More often than not it doesn’t. Movies based on Stephen King’s books are usually pretty bad. Needful Things is no exception. My continuing theory is that the movies tend to focus on those crazy monsters and the supernatural, but as any fan of King’s books can tell you, you might come to King for the killer clowns, but you stay for his descriptive abilities, and the way he fully draws his characters. The movies tend to shorten the character development in order to focus on the monsters and other craziness.

I’ve not read Needful Things, but I can feel the filmmakers doing that with the story. The basic outline is that a strange character named Leland Gaunt (Max Von Sydow) opens a shop called Needful Things in the small town of Castle Rock, Maine. He’ll sell you the thing you most desire. And he’ll sell it to you for cheap. A little cash and maybe a favor or two.

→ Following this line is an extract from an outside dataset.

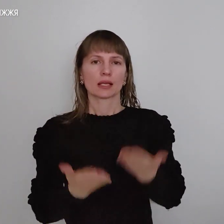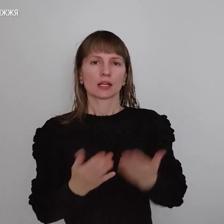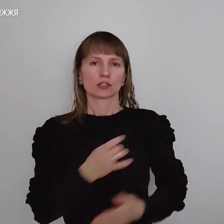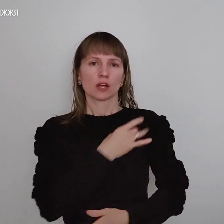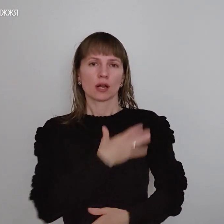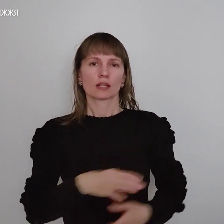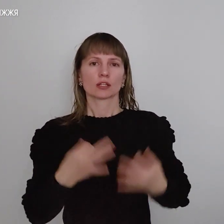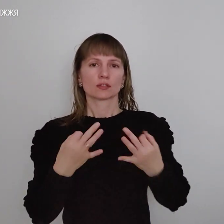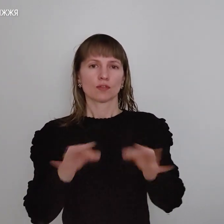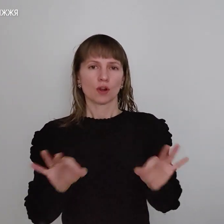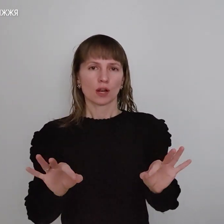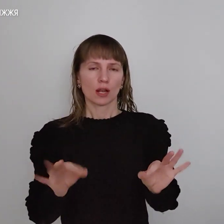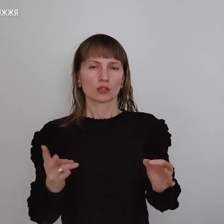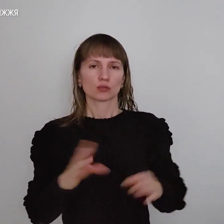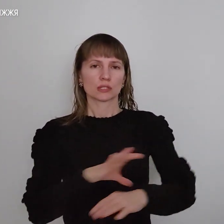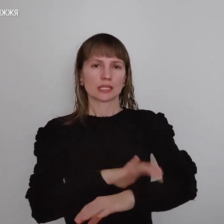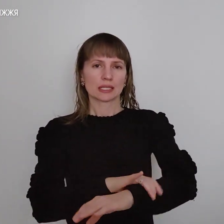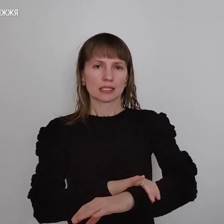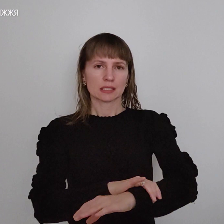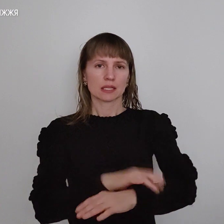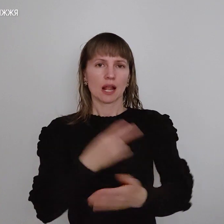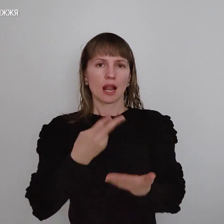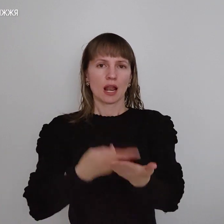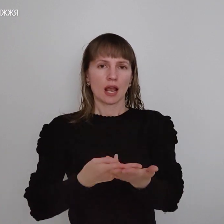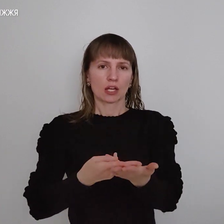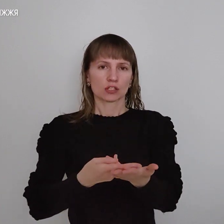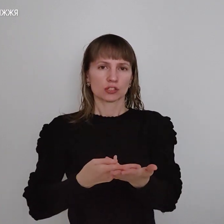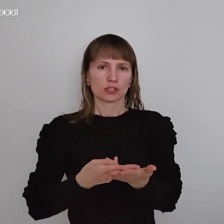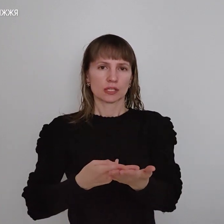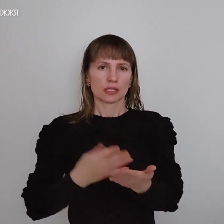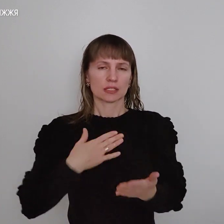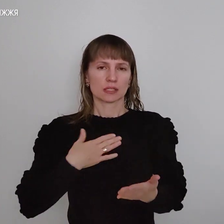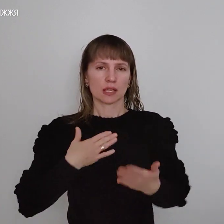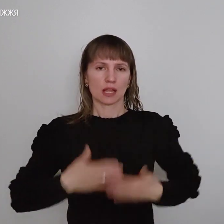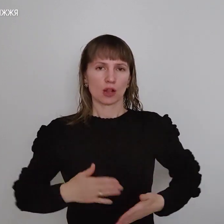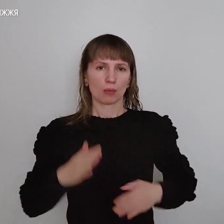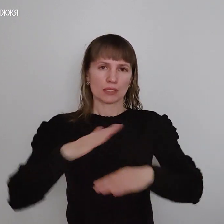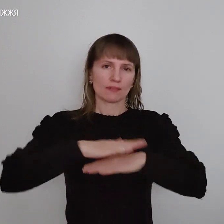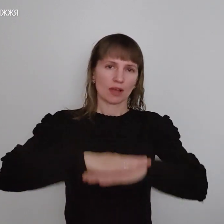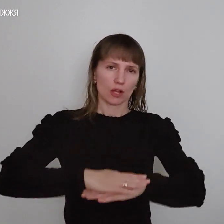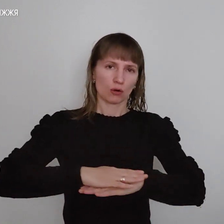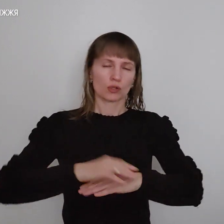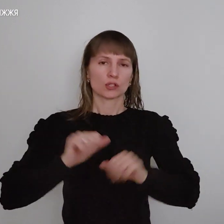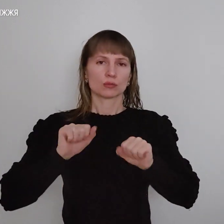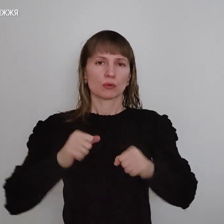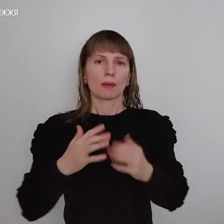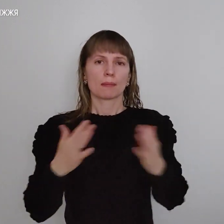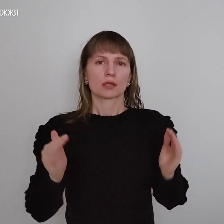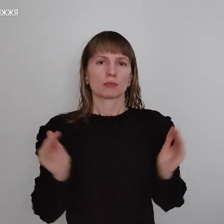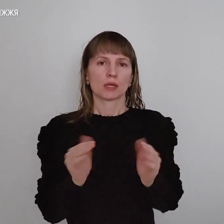дозволяє, затисніть її і ляжте зверху, тоді ви зможете більш-менш безпечно

The favors, of course, are of evil intent. He’ll get you to do something bad, but not too bad. At least it doesn’t seem that bad to the person doing it. He gives a young boy a Mickey Mantle baseball card and in return asks him to smear some mud on a lady’s clean sheets, hanging out to dry. That’s mean, maybe, but not evil. Except what the boy doesn’t know is that this lady will blame Nettie Cobb (Amanda Plummer) a waitress she’s been feuding with. Someone else will be tasked to do something against Nettie who will blame the sheet lady. On and on it will go until the two women are coming at each other with knives and a cleaver. Soon enough the entire town is at each other’s throats.

But the thing is in the King novel (I presume, still haven’t read it, but I’d be willing to bet money this is true) he plumbs into the details of each character’s desires and what makes those favors so disastrous.

For example, there is one character who is sold an old high school athletic jacket. One imagines that in the book King spends multiple pages telling us about this guy. Digging into how his best days were in high school, playing sports, getting the girl, and exceeding at life. About how every day after that has been a steady series of letdowns. We’d understand who this guy was, and why that jacket means everything to him. In the movie, we get a ten-second flashback of him riding around in a convertible with his jacket on and a girl at his side. That gets the point across, but not enough to make me actually care.

That happens over and over in the film. There are a lot of characters who buy a lot of things from Gaunt and have to perform a lot of favors for him. We get the gist of everything, but none of the details. And it’s the details that make us care.

The cast, including Ed Harris as our hero the sheriff, and J.T. Walsh as an asshole businessman are all good for what little they are given. Max Von Sydow is clearly having a wonderful time. He’s worth the price of admission alone.

In the end it isn’t the worst Stephen King adaptation, but it is far from the best.